• [Task goal] Take the lines below beginning at the line that has "#2256 = DIRECTION" and stopping after the line that has "#3429 = CIRCLE ( 'NONE', #4131, 4.7 ) ;", and print them exactly as they are, with no other lines.

#####

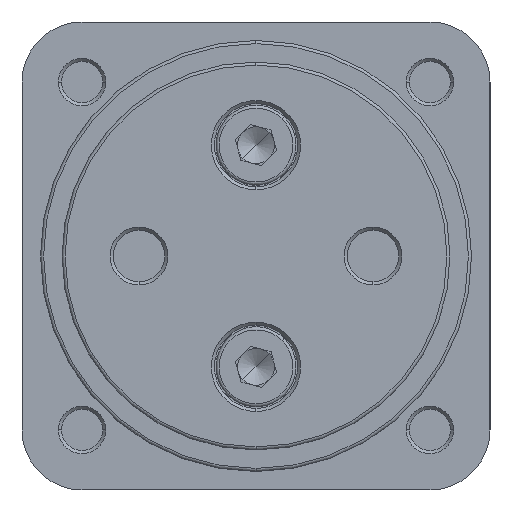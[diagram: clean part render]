
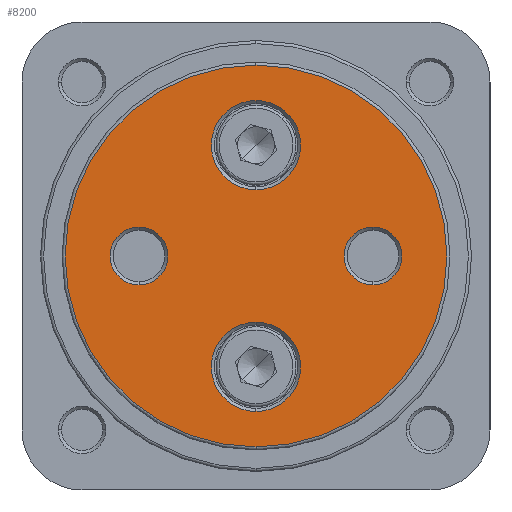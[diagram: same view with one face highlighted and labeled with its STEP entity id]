
A CAD part, left-side view. The second image highlights one B-rep face of the part: STEP entity #8200.
In plain terms, the highlighted planar face has unit normal (-1, 0, 0).
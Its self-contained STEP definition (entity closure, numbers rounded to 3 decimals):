
#491 = EDGE_LOOP ( 'NONE', ( #1064, #1063 ) ) ;
#571 = EDGE_LOOP ( 'NONE', ( #1083, #1089 ) ) ;
#595 = EDGE_LOOP ( 'NONE', ( #1084, #1090 ) ) ;
#1063 = ORIENTED_EDGE ( 'NONE', *, *, #6158, .T. ) ;
#1064 = ORIENTED_EDGE ( 'NONE', *, *, #6104, .T. ) ;
#1083 = ORIENTED_EDGE ( 'NONE', *, *, #6187, .T. ) ;
#1084 = ORIENTED_EDGE ( 'NONE', *, *, #6154, .T. ) ;
#1085 = ORIENTED_EDGE ( 'NONE', *, *, #6118, .T. ) ;
#1086 = ORIENTED_EDGE ( 'NONE', *, *, #6195, .T. ) ;
#1088 = ORIENTED_EDGE ( 'NONE', *, *, #6192, .T. ) ;
#1089 = ORIENTED_EDGE ( 'NONE', *, *, #6138, .T. ) ;
#1090 = ORIENTED_EDGE ( 'NONE', *, *, #6189, .T. ) ;
#1091 = ORIENTED_EDGE ( 'NONE', *, *, #6112, .T. ) ;
#2126 = CARTESIAN_POINT ( 'NONE',  ( 0., 19., 0. ) ) ;
#2127 = DIRECTION ( 'NONE',  ( 1., 0., 0. ) ) ;
#2128 = DIRECTION ( 'NONE',  ( 0., 0., -1. ) ) ;
#2147 = CARTESIAN_POINT ( 'NONE',  ( 0., 0., 18. ) ) ;
#2148 = DIRECTION ( 'NONE',  ( 1., 0., 0. ) ) ;
#2149 = DIRECTION ( 'NONE',  ( 0., 0., -1. ) ) ;
#2162 = CARTESIAN_POINT ( 'NONE',  ( 0., -19., 0. ) ) ;
#2163 = DIRECTION ( 'NONE',  ( 1., 0., 0. ) ) ;
#2164 = DIRECTION ( 'NONE',  ( 0., 0., -1. ) ) ;
#2214 = CARTESIAN_POINT ( 'NONE',  ( 0., 0., 0. ) ) ;
#2215 = DIRECTION ( 'NONE',  ( -1., 0., 0. ) ) ;
#2216 = DIRECTION ( 'NONE',  ( 0., 0., -1. ) ) ;
#2255 = CARTESIAN_POINT ( 'NONE',  ( 0., 0., -18. ) ) ;
#2256 = DIRECTION ( 'NONE',  ( 1., 0., 0. ) ) ;
#2257 = DIRECTION ( 'NONE',  ( 0., 0., -1. ) ) ;
#2261 = CARTESIAN_POINT ( 'NONE',  ( 0., 19., 0. ) ) ;
#2267 = DIRECTION ( 'NONE',  ( 1., 0., 0. ) ) ;
#2268 = DIRECTION ( 'NONE',  ( 0., 0., -1. ) ) ;
#2335 = CARTESIAN_POINT ( 'NONE',  ( 0., 0., 0. ) ) ;
#2344 = CARTESIAN_POINT ( 'NONE',  ( 0., 0., -18. ) ) ;
#2345 = DIRECTION ( 'NONE',  ( -1., 0., 0. ) ) ;
#2346 = DIRECTION ( 'NONE',  ( 0., 0., -1. ) ) ;
#2351 = DIRECTION ( 'NONE',  ( 1., 0., 0. ) ) ;
#2352 = DIRECTION ( 'NONE',  ( 0., 0., -1. ) ) ;
#2353 = CARTESIAN_POINT ( 'NONE',  ( 0., -19., 0. ) ) ;
#2360 = DIRECTION ( 'NONE',  ( 1., 0., 0. ) ) ;
#2361 = DIRECTION ( 'NONE',  ( 0., 0., -1. ) ) ;
#2362 = CARTESIAN_POINT ( 'NONE',  ( 0., 0., 18. ) ) ;
#2367 = DIRECTION ( 'NONE',  ( 1., 0., 0. ) ) ;
#2368 = DIRECTION ( 'NONE',  ( 0., 0., -1. ) ) ;
#2928 = CARTESIAN_POINT ( 'NONE',  ( 0., 0., 31. ) ) ;
#2940 = CARTESIAN_POINT ( 'NONE',  ( 0., 0., -10.75 ) ) ;
#2946 = CARTESIAN_POINT ( 'NONE',  ( 0., 19., -4.7 ) ) ;
#2952 = CARTESIAN_POINT ( 'NONE',  ( 0., 0., -25.25 ) ) ;
#2955 = CARTESIAN_POINT ( 'NONE',  ( 0., -19., 4.7 ) ) ;
#2959 = CARTESIAN_POINT ( 'NONE',  ( 0., 0., 10.75 ) ) ;
#2970 = CARTESIAN_POINT ( 'NONE',  ( 0., 0., 25.25 ) ) ;
#2975 = CARTESIAN_POINT ( 'NONE',  ( 0., 19., 4.7 ) ) ;
#2976 = CARTESIAN_POINT ( 'NONE',  ( 0., -19., -4.7 ) ) ;
#2979 = CARTESIAN_POINT ( 'NONE',  ( 0., 0., -31. ) ) ;
#3311 = CIRCLE ( 'NONE', #6472, 4.7 ) ;
#3321 = CIRCLE ( 'NONE', #6474, 7.25 ) ;
#3332 = CIRCLE ( 'NONE', #6479, 4.7 ) ;
#3360 = CIRCLE ( 'NONE', #4093, 31. ) ;
#3380 = CIRCLE ( 'NONE', #4104, 7.25 ) ;
#3384 = CIRCLE ( 'NONE', #4105, 4.7 ) ;
#3423 = CIRCLE ( 'NONE', #4126, 31. ) ;
#3425 = CIRCLE ( 'NONE', #4128, 7.25 ) ;
#3429 = CIRCLE ( 'NONE', #4131, 4.7 ) ;
#3433 = CIRCLE ( 'NONE', #4134, 7.25 ) ;
#3709 = FACE_OUTER_BOUND ( 'NONE', #571, .T. ) ;
#3712 = FACE_BOUND ( 'NONE', #491, .T. ) ;
#3714 = FACE_BOUND ( 'NONE', #595, .T. ) ;
#3716 = FACE_BOUND ( 'NONE', #7794, .T. ) ;
#3718 = FACE_BOUND ( 'NONE', #7763, .T. ) ;
#4093 = AXIS2_PLACEMENT_3D ( 'NONE', #2214, #2215, #2216 ) ;
#4104 = AXIS2_PLACEMENT_3D ( 'NONE', #2255, #2256, #2257 ) ;
#4105 = AXIS2_PLACEMENT_3D ( 'NONE', #2261, #2267, #2268 ) ;
#4126 = AXIS2_PLACEMENT_3D ( 'NONE', #2335, #2345, #2346 ) ;
#4128 = AXIS2_PLACEMENT_3D ( 'NONE', #2344, #2351, #2352 ) ;
#4131 = AXIS2_PLACEMENT_3D ( 'NONE', #2353, #2360, #2361 ) ;
#4134 = AXIS2_PLACEMENT_3D ( 'NONE', #2362, #2367, #2368 ) ;
#4243 = AXIS2_PLACEMENT_3D ( 'NONE', #4549, #4575, #4576 ) ;
#4549 = CARTESIAN_POINT ( 'NONE',  ( 0., 0., 0. ) ) ;
#4572 = PLANE ( 'NONE',  #4243 ) ;
#4575 = DIRECTION ( 'NONE',  ( 1., 0., 0. ) ) ;
#4576 = DIRECTION ( 'NONE',  ( 0., 0., -1. ) ) ;
#6104 = EDGE_CURVE ( 'NONE', #6845, #6816, #3311, .T. ) ;
#6112 = EDGE_CURVE ( 'NONE', #6840, #6829, #3321, .T. ) ;
#6118 = EDGE_CURVE ( 'NONE', #6825, #6846, #3332, .T. ) ;
#6138 = EDGE_CURVE ( 'NONE', #6798, #6849, #3360, .T. ) ;
#6154 = EDGE_CURVE ( 'NONE', #6810, #6822, #3380, .T. ) ;
#6158 = EDGE_CURVE ( 'NONE', #6816, #6845, #3384, .T. ) ;
#6187 = EDGE_CURVE ( 'NONE', #6849, #6798, #3423, .T. ) ;
#6189 = EDGE_CURVE ( 'NONE', #6822, #6810, #3425, .T. ) ;
#6192 = EDGE_CURVE ( 'NONE', #6846, #6825, #3429, .T. ) ;
#6195 = EDGE_CURVE ( 'NONE', #6829, #6840, #3433, .T. ) ;
#6472 = AXIS2_PLACEMENT_3D ( 'NONE', #2126, #2127, #2128 ) ;
#6474 = AXIS2_PLACEMENT_3D ( 'NONE', #2147, #2148, #2149 ) ;
#6479 = AXIS2_PLACEMENT_3D ( 'NONE', #2162, #2163, #2164 ) ;
#6798 = VERTEX_POINT ( 'NONE', #2928 ) ;
#6810 = VERTEX_POINT ( 'NONE', #2940 ) ;
#6816 = VERTEX_POINT ( 'NONE', #2946 ) ;
#6822 = VERTEX_POINT ( 'NONE', #2952 ) ;
#6825 = VERTEX_POINT ( 'NONE', #2955 ) ;
#6829 = VERTEX_POINT ( 'NONE', #2959 ) ;
#6840 = VERTEX_POINT ( 'NONE', #2970 ) ;
#6845 = VERTEX_POINT ( 'NONE', #2975 ) ;
#6846 = VERTEX_POINT ( 'NONE', #2976 ) ;
#6849 = VERTEX_POINT ( 'NONE', #2979 ) ;
#7763 = EDGE_LOOP ( 'NONE', ( #1085, #1088 ) ) ;
#7794 = EDGE_LOOP ( 'NONE', ( #1091, #1086 ) ) ;
#8200 = ADVANCED_FACE ( 'NONE', ( #3709, #3714, #3716, #3718, #3712 ), #4572, .F. ) ;

#####

• [Worked solution]
#2256 = DIRECTION ( 'NONE',  ( 1., 0., 0. ) ) ;
#2257 = DIRECTION ( 'NONE',  ( 0., 0., -1. ) ) ;
#2261 = CARTESIAN_POINT ( 'NONE',  ( 0., 19., 0. ) ) ;
#2267 = DIRECTION ( 'NONE',  ( 1., 0., 0. ) ) ;
#2268 = DIRECTION ( 'NONE',  ( 0., 0., -1. ) ) ;
#2335 = CARTESIAN_POINT ( 'NONE',  ( 0., 0., 0. ) ) ;
#2344 = CARTESIAN_POINT ( 'NONE',  ( 0., 0., -18. ) ) ;
#2345 = DIRECTION ( 'NONE',  ( -1., 0., 0. ) ) ;
#2346 = DIRECTION ( 'NONE',  ( 0., 0., -1. ) ) ;
#2351 = DIRECTION ( 'NONE',  ( 1., 0., 0. ) ) ;
#2352 = DIRECTION ( 'NONE',  ( 0., 0., -1. ) ) ;
#2353 = CARTESIAN_POINT ( 'NONE',  ( 0., -19., 0. ) ) ;
#2360 = DIRECTION ( 'NONE',  ( 1., 0., 0. ) ) ;
#2361 = DIRECTION ( 'NONE',  ( 0., 0., -1. ) ) ;
#2362 = CARTESIAN_POINT ( 'NONE',  ( 0., 0., 18. ) ) ;
#2367 = DIRECTION ( 'NONE',  ( 1., 0., 0. ) ) ;
#2368 = DIRECTION ( 'NONE',  ( 0., 0., -1. ) ) ;
#2928 = CARTESIAN_POINT ( 'NONE',  ( 0., 0., 31. ) ) ;
#2940 = CARTESIAN_POINT ( 'NONE',  ( 0., 0., -10.75 ) ) ;
#2946 = CARTESIAN_POINT ( 'NONE',  ( 0., 19., -4.7 ) ) ;
#2952 = CARTESIAN_POINT ( 'NONE',  ( 0., 0., -25.25 ) ) ;
#2955 = CARTESIAN_POINT ( 'NONE',  ( 0., -19., 4.7 ) ) ;
#2959 = CARTESIAN_POINT ( 'NONE',  ( 0., 0., 10.75 ) ) ;
#2970 = CARTESIAN_POINT ( 'NONE',  ( 0., 0., 25.25 ) ) ;
#2975 = CARTESIAN_POINT ( 'NONE',  ( 0., 19., 4.7 ) ) ;
#2976 = CARTESIAN_POINT ( 'NONE',  ( 0., -19., -4.7 ) ) ;
#2979 = CARTESIAN_POINT ( 'NONE',  ( 0., 0., -31. ) ) ;
#3311 = CIRCLE ( 'NONE', #6472, 4.7 ) ;
#3321 = CIRCLE ( 'NONE', #6474, 7.25 ) ;
#3332 = CIRCLE ( 'NONE', #6479, 4.7 ) ;
#3360 = CIRCLE ( 'NONE', #4093, 31. ) ;
#3380 = CIRCLE ( 'NONE', #4104, 7.25 ) ;
#3384 = CIRCLE ( 'NONE', #4105, 4.7 ) ;
#3423 = CIRCLE ( 'NONE', #4126, 31. ) ;
#3425 = CIRCLE ( 'NONE', #4128, 7.25 ) ;
#3429 = CIRCLE ( 'NONE', #4131, 4.7 ) ;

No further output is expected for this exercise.